## Your instructions
Set every entry down again, unchanged, picture-free.

## Records supplied
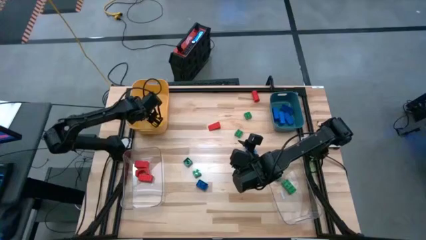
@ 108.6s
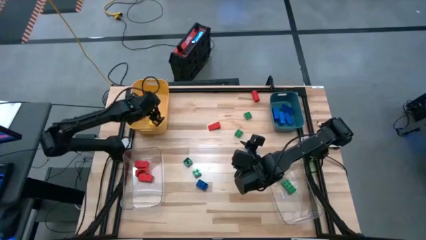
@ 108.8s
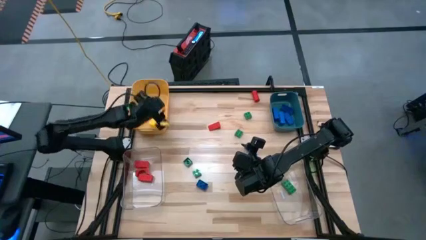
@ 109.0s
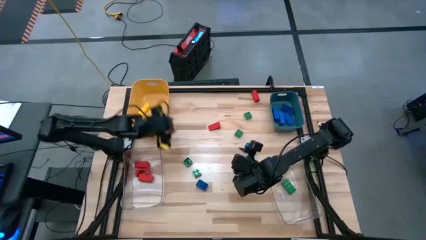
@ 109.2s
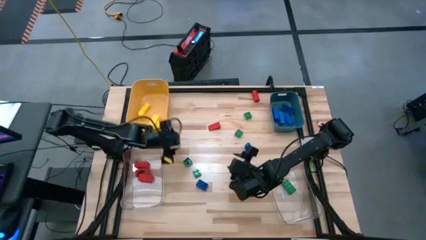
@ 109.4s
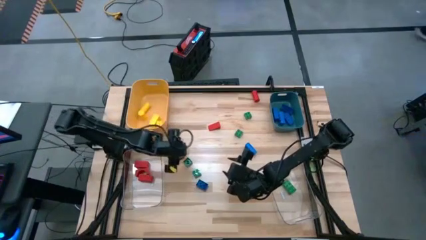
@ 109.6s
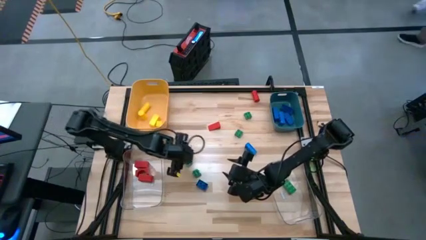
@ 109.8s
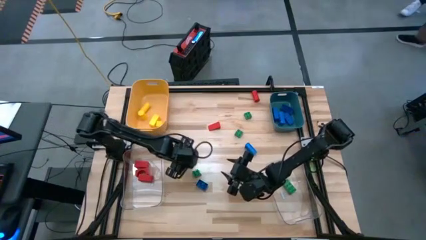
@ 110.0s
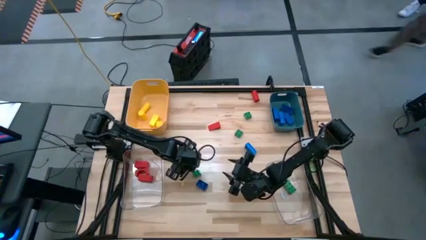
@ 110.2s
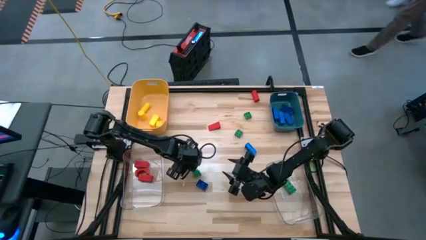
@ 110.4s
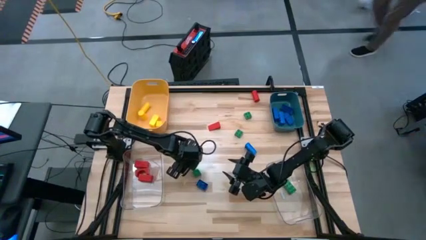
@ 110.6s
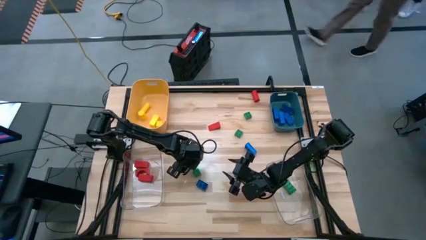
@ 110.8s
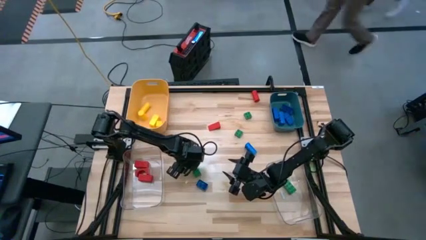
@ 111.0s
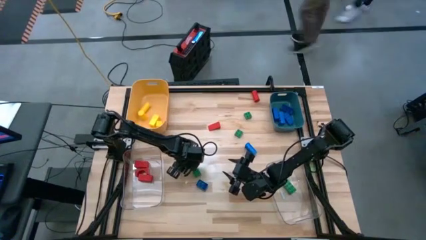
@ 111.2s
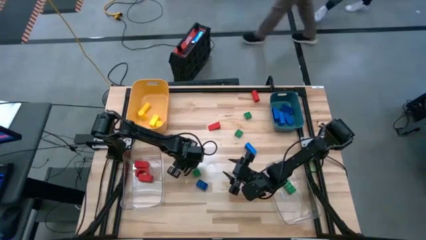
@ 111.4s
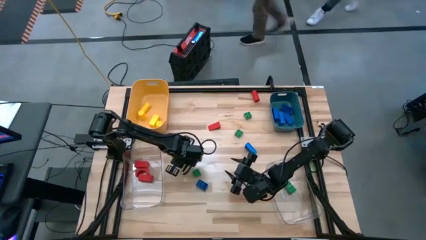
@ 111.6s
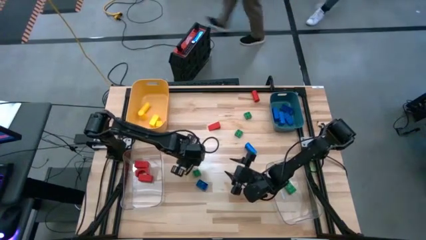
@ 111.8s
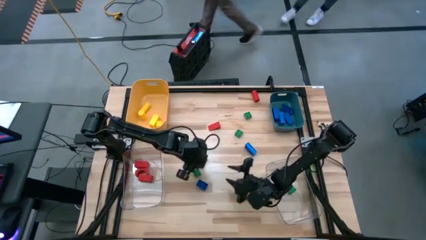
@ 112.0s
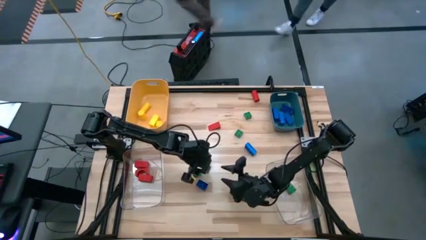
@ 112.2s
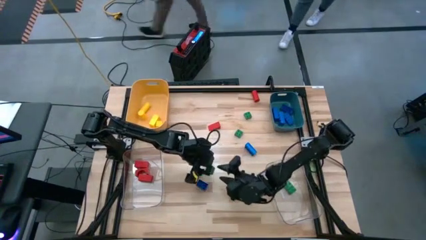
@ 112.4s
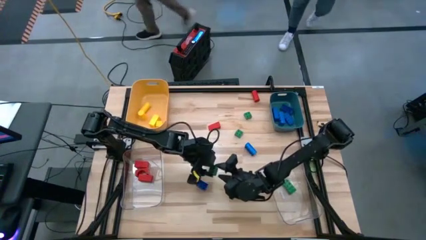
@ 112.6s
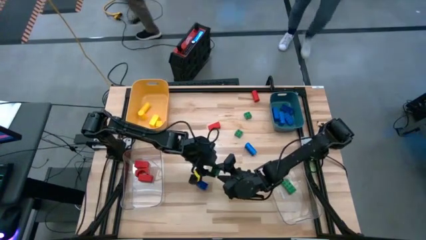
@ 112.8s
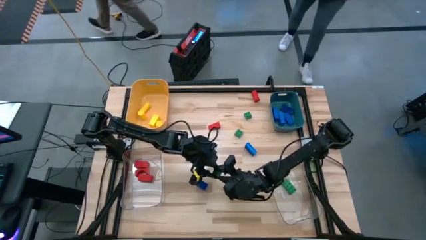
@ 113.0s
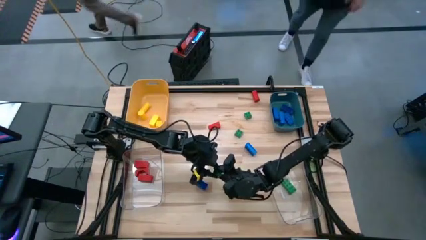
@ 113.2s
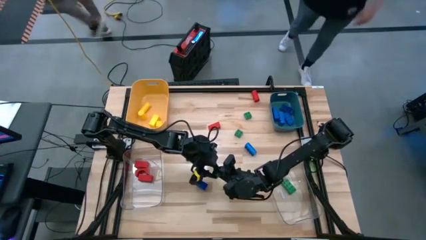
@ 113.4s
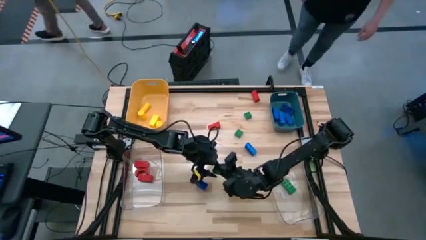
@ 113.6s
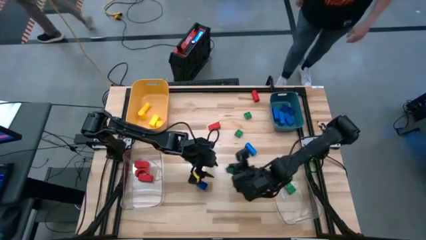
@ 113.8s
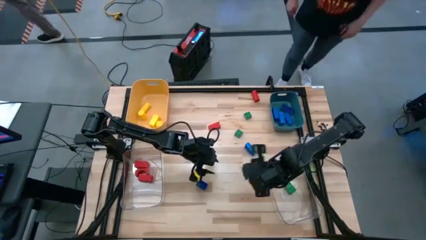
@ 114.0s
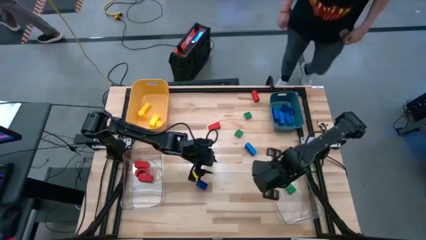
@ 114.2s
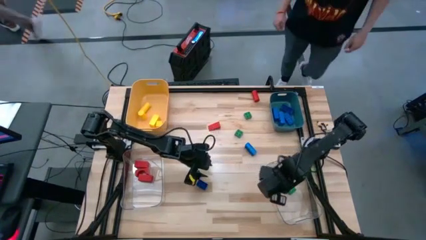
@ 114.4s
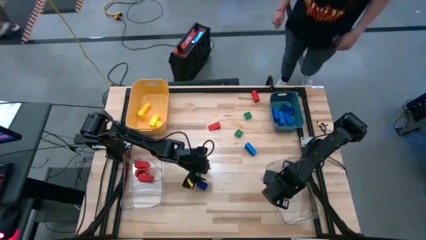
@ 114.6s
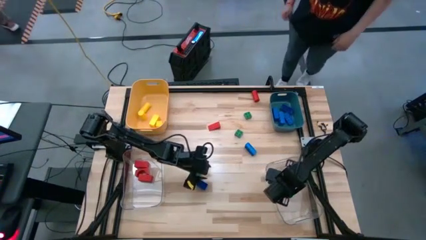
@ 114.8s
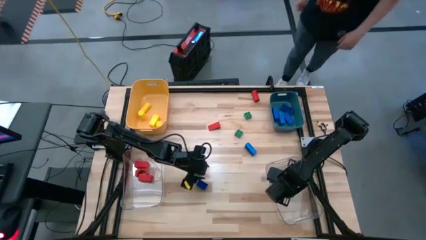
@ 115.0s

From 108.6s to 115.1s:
Put the green game piece into the right transparent bin

## Answer to this task
@ 108.6s
@ 108.8s
@ 109.0s
@ 109.2s
@ 109.4s
@ 109.6s
@ 109.8s
@ 110.0s
@ 110.2s
@ 110.4s
@ 110.6s
@ 110.8s
@ 111.0s
@ 111.2s
@ 111.4s
@ 111.6s
@ 111.8s
@ 112.0s
@ 112.2s
@ 112.4s
@ 112.6s
@ 112.8s
@ 113.0s
@ 113.2s
@ 113.4s
@ 113.6s
@ 113.8s
@ 114.0s
@ 114.2s
@ 114.4s
@ 114.6s
@ 114.8s
@ 115.0s

From 108.6s to 115.1s:
Put the green game piece into the right transparent bin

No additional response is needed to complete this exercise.